Retail Tracking Systems

Table of contents

Retail Tracking Systems Retail Pro or MicroStrategy?

Retail Pro is Business Intelligence software that enables retail store owners to customize a “Point-of-Sale” (POS) method of retailing. The key feature of this software is the ability to create multiple revenues of sales inside one store. The software allows employees to select from an array of add-on modules to run a retail establishment using strategic planning and undergoing the various tasks involved operating a retail establishment.

Retail Pro is flexible, easy to use, and accommodates small businesses to large corporations by increasing retention and customer satisfaction by creating the “better client experience”. (Retail Pro International, 2010)

Retail Pro Software Features

  • Software infrastructure
  • Point of Sale and Store Operations
  • Merchandising
  • Central Customer Management
  • Central Returns Management
  • Oracle Database Engine

This software creates very flexible reporting of business data you need at the time you need it. The POS and back office has extensive capabilities creating a work flow customized upon the needs of your business such as inventory management, purchase ordering, integration with payment solutions, store replenishment, receiving, and employee management. Retail Pro is perfect for businesses starting out small and grows as the business grows. There are several modules that are centrally focused on what types of products you sell in your retail establishment. Some of these modules are as listed:

  • Gifts and Toy Solutions Hard Goods Solutions
  • Home Furnishing Solutions
  • Specialty Apparel Solutions
  • Jewelry Solutions

Each of these modules specialize in helping keep track of inventory, merchandising, customer management using role-specific dashboards capable of period to period analysis and reporting to improve business, store performance, and profit margins. The advantages of its Business Intelligence is that it saves time and money, improves profit margins, increases business and store performance, and maximizes returns on existing data sources. Retail Pro International, 2010) MicroStrategy is Business Intelligence Software for retail tracking systems in the palm of your hand. It’s the Mobile Business Intelligence that applies iPad as a business tool. You can access dashboards to create brilliant business analysis and reports any time, any where. Besides having extraordinary displays for data, MicroStrategy includes the following features:

  • Unlimited data analysis
  • Data mining
  • Forecasting
  • Operations Management
  • Executive decision making

MicroStrategy’s mobile iPhone and iPad views videos on YouTube and views Podcasts in iTunes. This mobile retail tracking system even comes with a free custom dashboard. The Business Intelligence Architecture is low in cost for ownership and delivers high performance and sophisticated analytics. If you are interested in Beta Programs, there are options one can participate. The following is what is included in MicroStrategy’s business applications:

  • Mobile Business Intelligence Financial Analysis
  • HR Analytics
  • Supply Chain Analytics
  • Sales Analytics
  • CRM
  • Balanced Scoreboard

MicroStrategy is World Class Business Intelligence for all your business needs. It is very user friendly migrating from departmental Business Intelligence to enterprise Business Intelligence. MicroStrategy can develop and deploy department Business Intelligence applications quickly and deliver enterprise Business Intelligence with higher performance and efficiency. (MicroStrategy, 2010)

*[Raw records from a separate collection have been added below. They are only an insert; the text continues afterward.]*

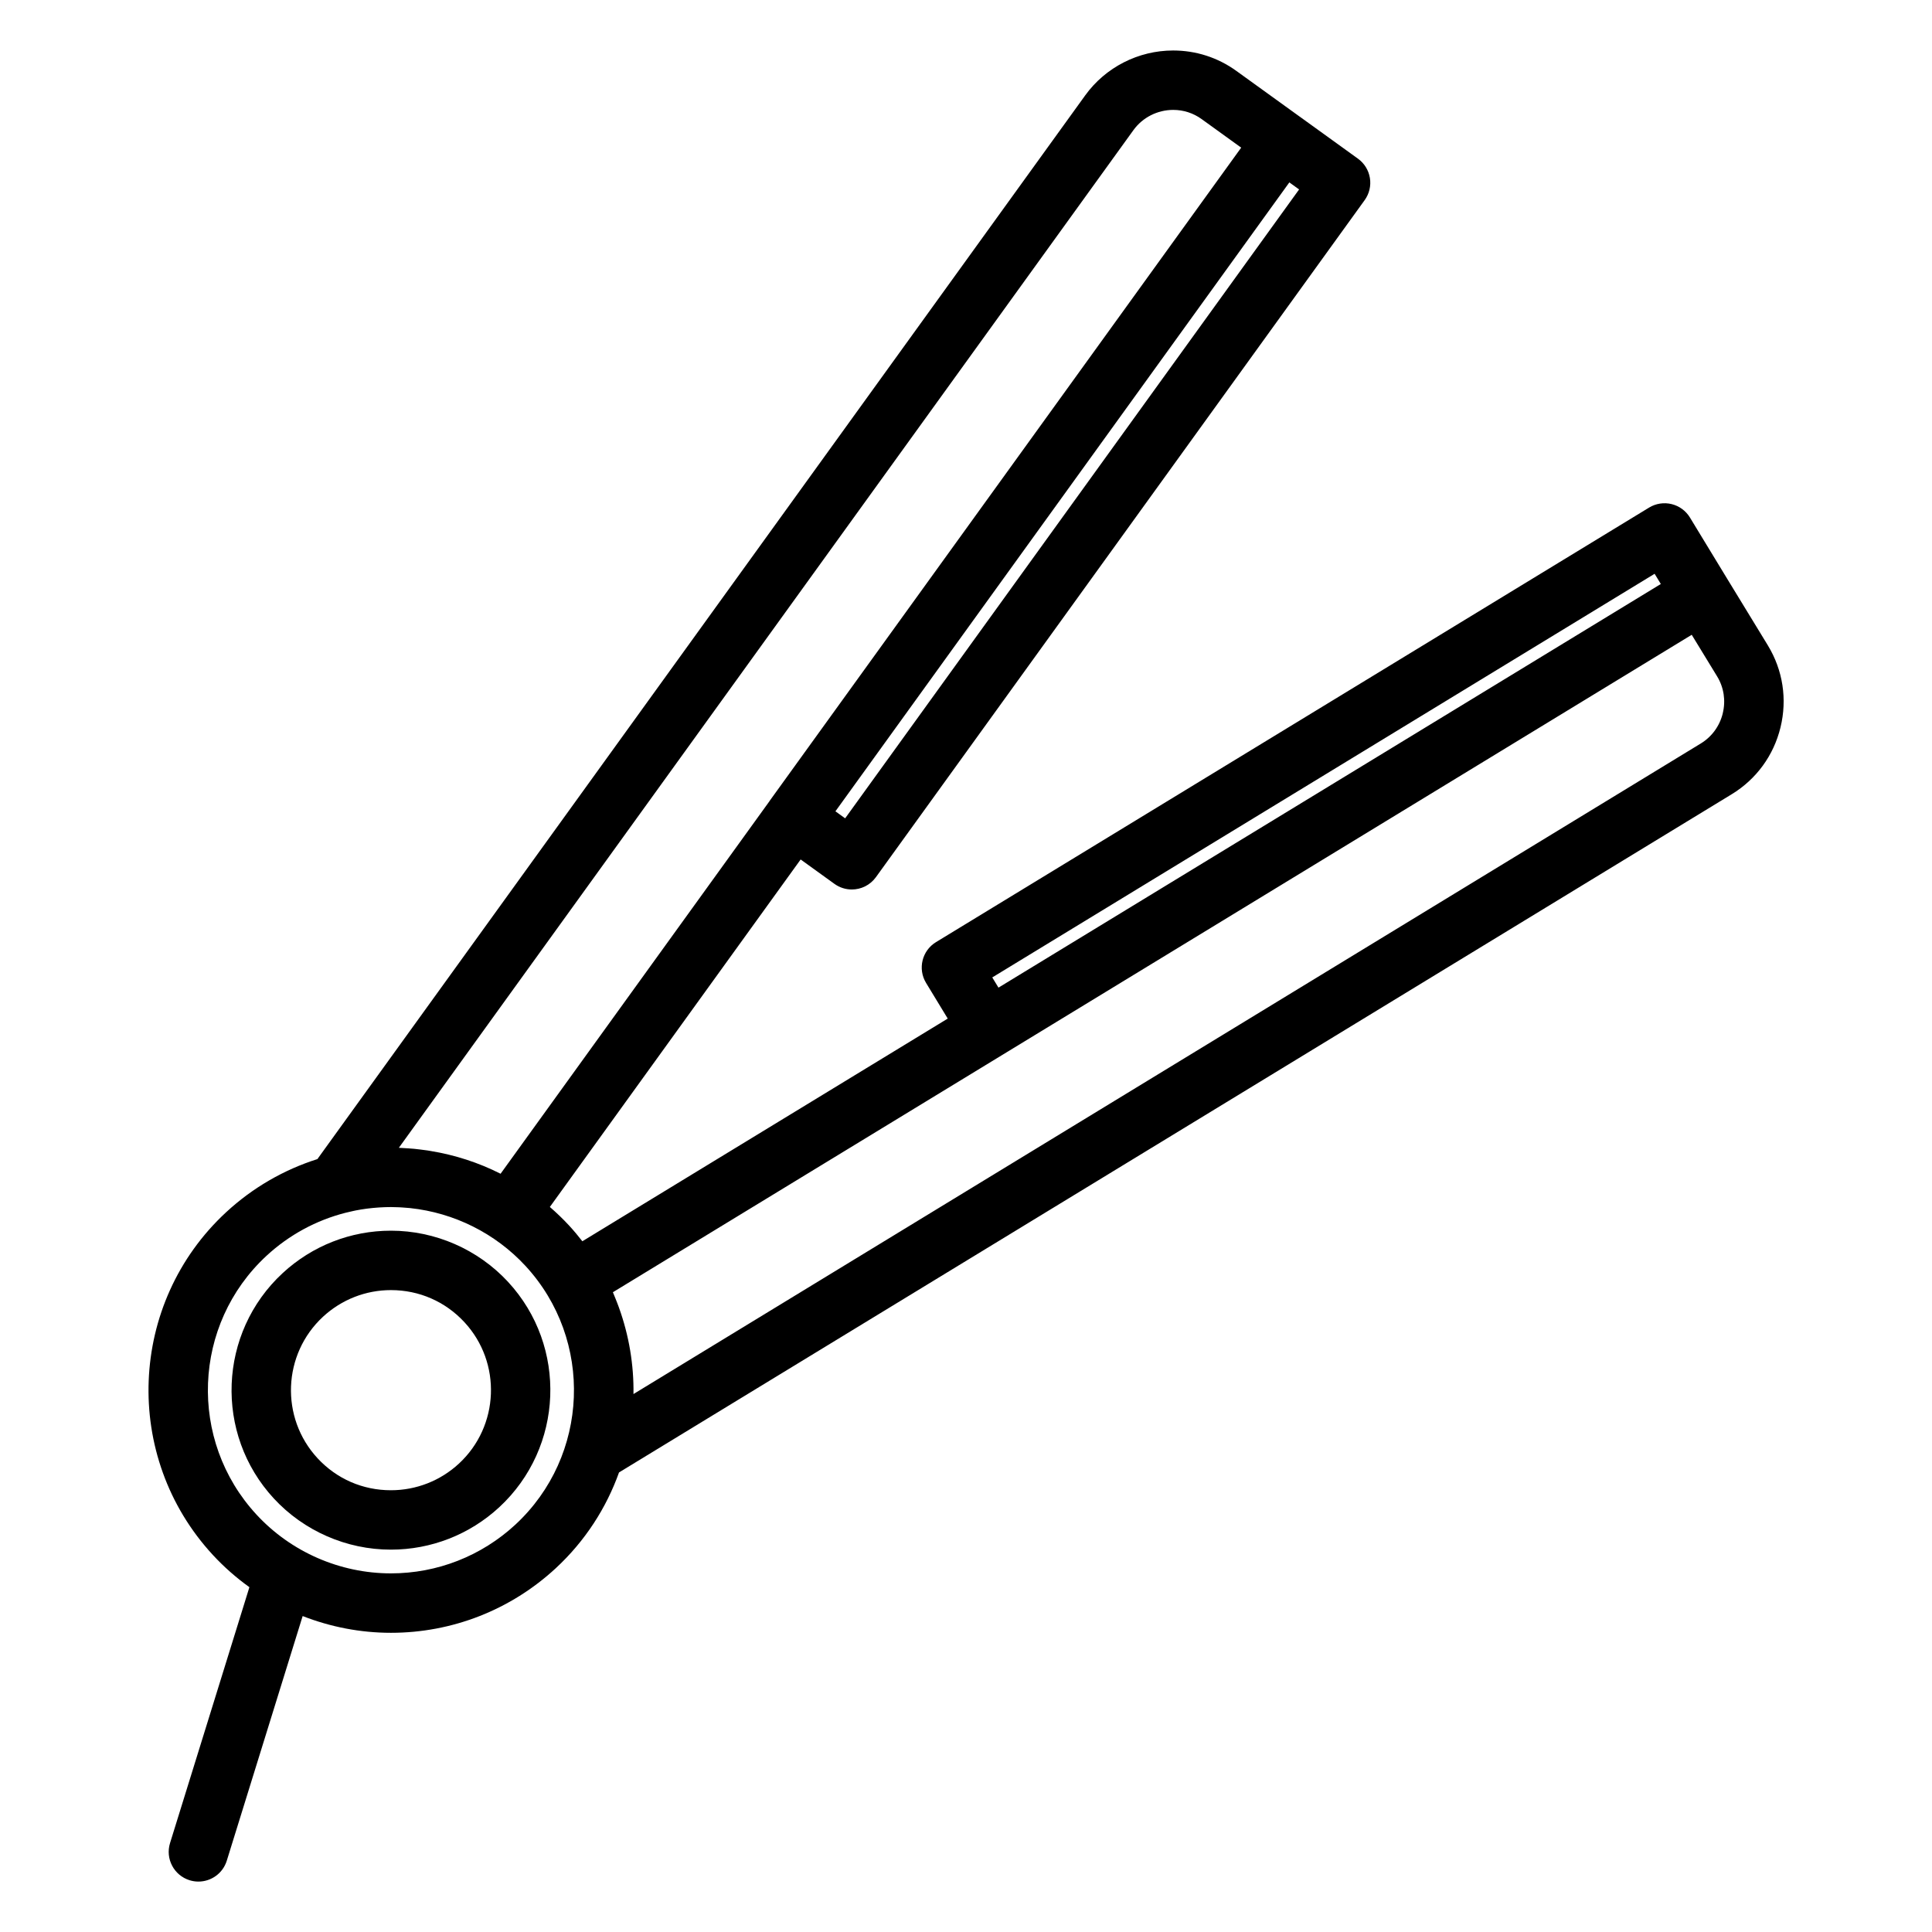 <?xml version="1.0" encoding="UTF-8"?>
<!-- Uploaded to: SVG Repo, www.svgrepo.com, Generator: SVG Repo Mixer Tools -->
<svg fill="#000000" width="800px" height="800px" version="1.1" viewBox="144 144 512 512" xmlns="http://www.w3.org/2000/svg">
 <g>
  <path d="m612.51 315.05-10.832-17.742-9.828-16.16c-1.086-1.785-2.836-3.066-4.867-3.559-2.027-0.492-4.172-0.16-5.957 0.926l-188.98 115.16c-3.711 2.262-4.887 7.098-2.629 10.812l5.742 9.449-96.832 59.012c-1.109-1.426-2.273-2.828-3.523-4.18-1.609-1.738-3.312-3.371-5.09-4.91l66.465-92.086 8.957 6.465c1.395 1.004 3.004 1.488 4.602 1.488 2.441 0 4.852-1.133 6.391-3.266l129.52-179.42c1.223-1.695 1.723-3.801 1.387-5.863-0.332-2.059-1.473-3.906-3.164-5.125l-15.352-11.082c-0.023-0.02-0.051-0.031-0.078-0.051l-16.809-12.133c-4.898-3.535-10.684-5.402-16.734-5.402-9.215 0-17.922 4.438-23.297 11.879l-203.49 281.91c-8.902 2.828-17.156 7.582-24.168 14.066-26.004 24.051-27.59 64.801-3.539 90.836 2.949 3.191 6.203 6.047 9.688 8.547l-21.031 67.812c-1.289 4.152 1.035 8.562 5.188 9.852 0.777 0.242 1.562 0.355 2.336 0.355 3.359 0 6.469-2.164 7.516-5.543l20.105-64.824c7.391 2.891 15.32 4.438 23.395 4.438 16.23 0 31.738-6.074 43.668-17.102 7.816-7.238 13.41-15.996 16.777-25.398l294.86-179.72c6.531-3.973 11.129-10.27 12.945-17.727 1.82-7.465 0.637-15.168-3.34-21.703zm-30.02-18.992 1.645 2.707-175.53 106.97-1.645-2.707zm-214.52 64.809-2.574-1.859 114-157.95 6.293-8.719 2.586 1.867zm76.406-182.39c2.422-3.352 6.359-5.352 10.535-5.352 2.723 0 5.32 0.84 7.519 2.426l10.496 7.578-7.133 9.879-117.78 163.16c-0.051 0.074-0.098 0.152-0.145 0.227l-71.211 98.66c-5.84-2.957-12.086-4.973-18.539-6.031-0.262-0.043-0.52-0.094-0.777-0.133-0.676-0.102-1.359-0.184-2.039-0.266-0.512-0.062-1.023-0.125-1.535-0.176-0.512-0.047-1.023-0.082-1.539-0.121-0.676-0.051-1.352-0.094-2.027-0.121-0.168-0.008-0.332-0.023-0.5-0.031zm-163.8 369.57c-9.008 8.328-20.719 12.914-32.977 12.914-13.5 0-26.484-5.676-35.629-15.578-18.164-19.66-16.969-50.434 2.664-68.594 5.992-5.539 13.188-9.414 20.934-11.391 0.652-0.164 1.309-0.32 1.969-0.457 0.25-0.055 0.496-0.109 0.746-0.16 0.922-0.18 1.852-0.332 2.781-0.457 0.172-0.023 0.344-0.039 0.516-0.062 0.812-0.102 1.629-0.18 2.445-0.238 0.207-0.016 0.418-0.031 0.625-0.043 0.973-0.059 1.949-0.094 2.922-0.094 0.18 0 0.355 0.008 0.535 0.012 0.543 0.008 1.086 0.02 1.625 0.043 0.277 0.012 0.555 0.027 0.828 0.047 0.586 0.035 1.168 0.078 1.75 0.137 0.137 0.016 0.27 0.023 0.406 0.035 11.617 1.242 22.531 6.664 30.523 15.301 18.152 19.648 16.953 50.418-2.664 68.586zm319.98-215.02c-0.824 3.375-2.894 6.219-5.84 8.012l-282.84 172.4c0.117-7.758-1.184-15.488-3.809-22.805-0.012-0.031-0.02-0.062-0.031-0.094-0.316-0.875-0.656-1.742-1.008-2.606-0.062-0.152-0.121-0.305-0.188-0.457-0.145-0.34-0.27-0.684-0.418-1.02l285.9-174.23 6.738 11.031c1.781 2.93 2.309 6.402 1.488 9.773z"/>
  <path d="m278.64 483.71c-7.984-8.621-19.297-13.566-31.039-13.566-10.66 0-20.848 3.988-28.688 11.238-17.102 15.82-18.156 42.613-2.352 59.723 7.965 8.621 19.273 13.566 31.027 13.566 10.668 0 20.859-3.988 28.707-11.23 17.109-15.832 18.164-42.625 2.344-59.73zm-13.027 48.168c-4.922 4.547-11.32 7.051-18.02 7.051-7.484 0-14.395-3.019-19.461-8.504-9.918-10.738-9.254-27.555 1.477-37.484 4.922-4.547 11.312-7.051 18-7.051 7.477 0 14.398 3.027 19.48 8.516 9.918 10.73 9.254 27.543-1.477 37.473z"/>
 </g>
</svg>

I knew there was a strategy involved in running a retail establishment, but I did not realize that retail tracking systems available today creating your Point-of-Sale could be as easy as using the computer to keep track of the elements involved in various levels regarding merchandizing to keeping inventory, customer satisfaction to the “better client experience, and payment solutions to business analysis reports. It is wonderful to know that there are solutions you can implement that can make your business experience a good one!

What features of a Point-of-Sale retail tracking system would be important to me would be directly related to how I plan to expand my business levels beyond the brick and mortar retail establishment. My boutique is going to retail various products that I create and design myself which includes fashion design apparel, jewelry, home decor items, Nature Crafts, custom-made gifts, and toys—items that are included inside my product labels of my brand. I would have to start out with a tracking system that meets these needs to run my retail establishment which are as follows:

  1. Inventory Management system for each label separately Merchandising of products under each label separately
  2. Payment Solutions that allow payment by other methods that are not cash purchases
  3. Customer Management
  4. Point-of-Sale options
  5. Business Intelligence for analytical reports and business operations
  6. Employee Management
  7. Consumer behavior, geographical, economic, and social trends statistics
  8. Security of business operations and store location I plan to add to my business by featuring instructional classes teaching various types of crafts a couple times a week, changing the activities when consumer interest and participation changes.

I am also adding a new element of offering custom designed clothing and accessories upon customer request. A couple of my product labels will expand in the operations of how the product is presented to consumers by expanding the activities and product in various ways. Basically, the changes that will happen beyond the brick and mortar retail establishment will happen upon expanding the different business levels of each label, adding a few new features that compliment the products, and by getting customer participation teaching various art activities.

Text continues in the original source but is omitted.